1 なかなか知財の良い話題はありませんね。しかも,最高裁のHPで,知財判決の更新もありませんし~。

 ということで,少し前に読み終えた首記の本の紹介で行きましょう。

 首記の本は,ビジネス書でベストセラーを続けている,ま話題の本です。
 そのせいか,データサイエンティストとかいう,よくわからないインチキ臭い職業にスポットも当たるようになっております。この本の帯にも書いておりますが,「これからの10年で最もセクシーな職業は統計家だろう」,らしいです。
 ですが,男でセクシーな職業っつったら,AV男優に決まっております。特にtokyo hotの所謂汁男優がこれからの10年でも最もセクシーな職業なんじゃないですかね~♪なーんて書いたら,また某大阪市長のように,女性を性の対象としか捉えてないとか,ヤーヤー言われそうですね。

 ただ,はっきり言いますが,私は女性を性の対象としか捉えたことがありません。つーか,更にもっと身も蓋も無いことを言うと,そういう女好きの私でも,本当に好きなのは女体だけであって,女そのものは別に好きじゃないのですね。ま,人は嫌いだけど,金は好きだというパターンと同じです(これも私に当てはまりますが。)。

2 おっと,かなり議題から逸れてしまいましたが(いつものことですが。),こういう本は,経験上外れが少ないのですが,この本もまあ買って読んで損はないかなという気がします。

 ただ,これを読んでいると,既読感が凄くしたのですね(この手の本を初めて読んだ方には関係ないかもしれません。)。
 何に似ているかというと,全体的なトーンは,「まぐれ」(ナシーム・ニコラス・タレブ著)に同じです。つまり,数理的,統計的な話を実際の下世話な問題とうまく絡め,その可能性と限界を語る,という所です。
 そして,個別具体的な統計学の話について,「統計思考力」(神永正博著)の打ち出しかたとよく似ています。

 勿論,上に紹介した二冊の本と,首記のベストセラーは違うところがあるのは当然ですが,話の面白さは,「まぐれ」の方が上ですし,統計学の具体的な説明についても「統計思考力」の方がわかりやすいです(首記の本は数学的な話の説明が下手。)。

 ですので,あ,今流行っているデータサイエンティストとかデータマイニングとかどういうことなんだろう,って知りたい人には実によい本だとは思うのですが,ある程度その手の話を知っている人には,物足りない上に退屈だと思います。

 じゃあ何故売れているかというと,これはタイトルなんでしょうね。「統計学が最強の学問である」って,センセーショナルじゃないですか~♪
 「inagawarawが最強の弁護士である」って打ち出したら~?♪ま,こういう例を見ると目も覚めるんじゃないですかな。ね,そんなわけねえだろうってことに。

 ですので,これはネーミングの勝利ですね。

 あと,また議題から逸れますが,最強の学問は,統計学ではありませんよ。それは物理学です。私は物理帝国主義者なので,当然ですが,いやあ物理からすると,殆どの学問って,それって学問の名に相応しいのか,エー,言ってみろ,コラ,って感じです。
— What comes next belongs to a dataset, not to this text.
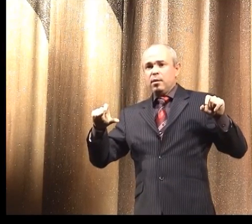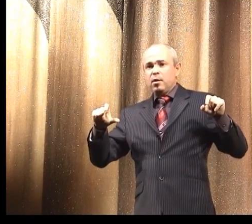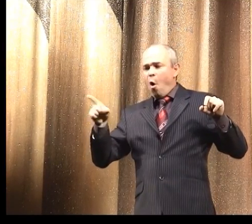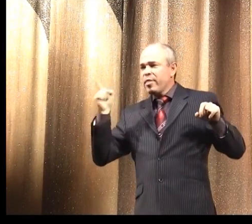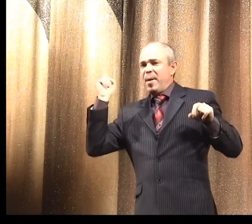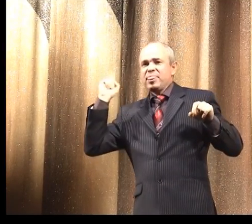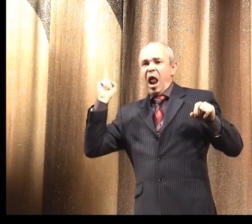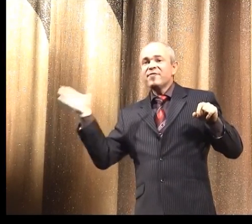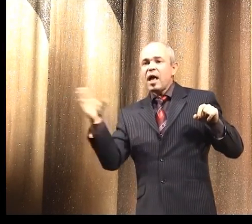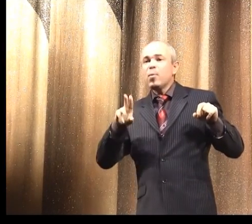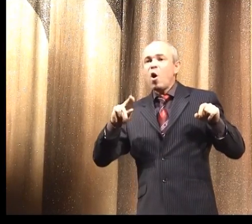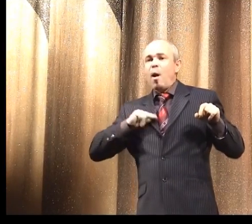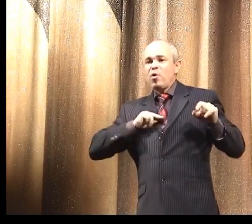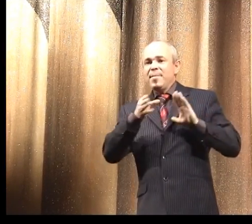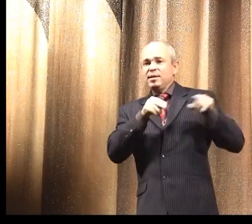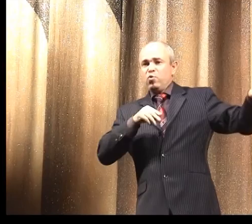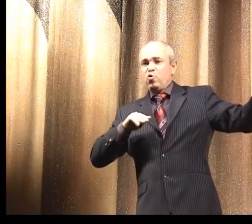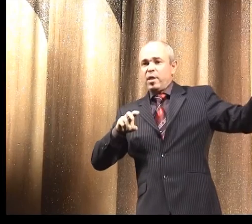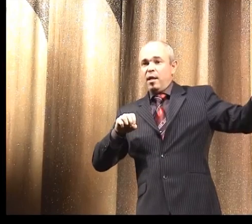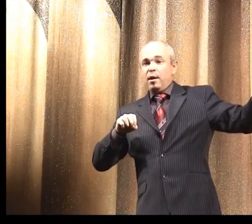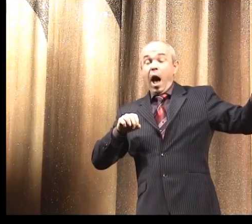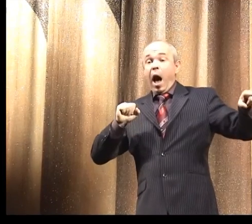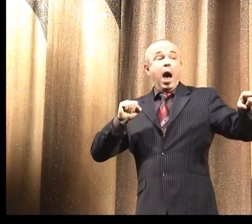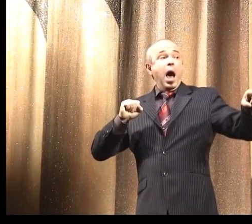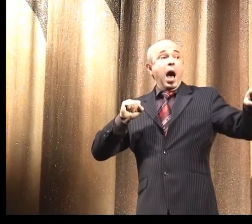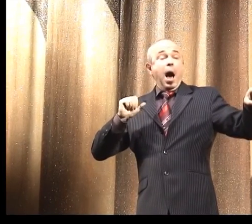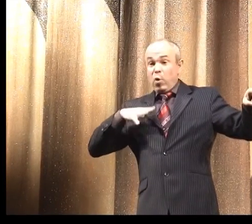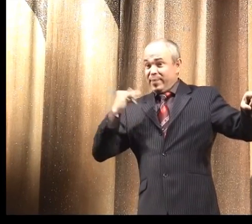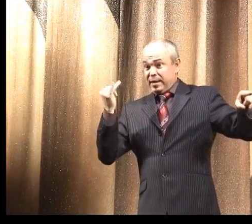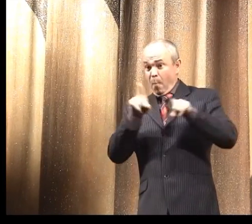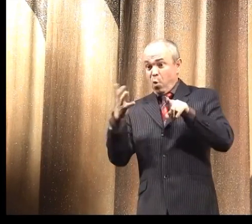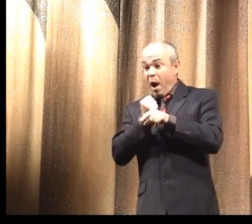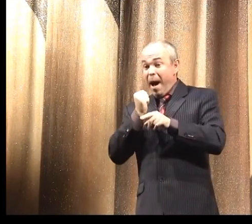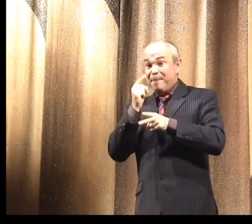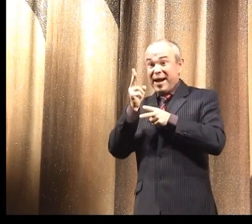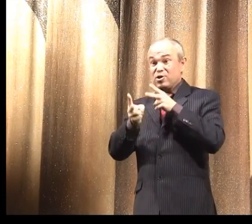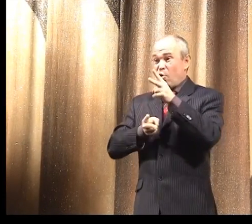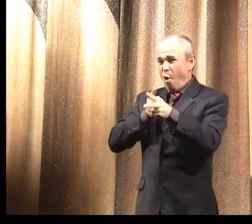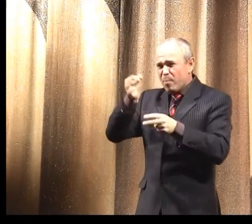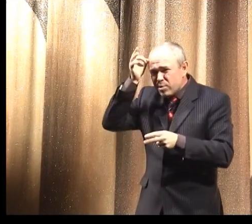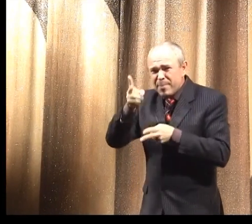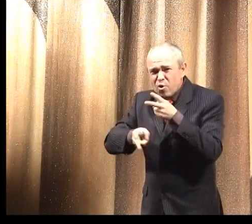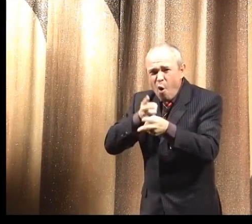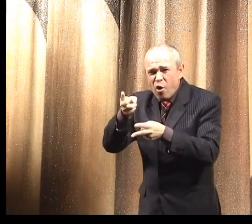его слова. Непременно кто работает вместе с глухими. Да.

 明日雪が降るかどうか雨が降るかどうかすら当てることもできない気象学,何年たっても一人も救えない地震学,蝉の抜け殻のコレクションレベルから抜けられない考古学,ただの数字だけの株価を予想できない経済学(しかも有りもしないノーベル経済学賞なんてものまででっち上げる始末),その他の社会科学,人文科学系なんて,私がコメントすることすら馬鹿らしい感じがしますね。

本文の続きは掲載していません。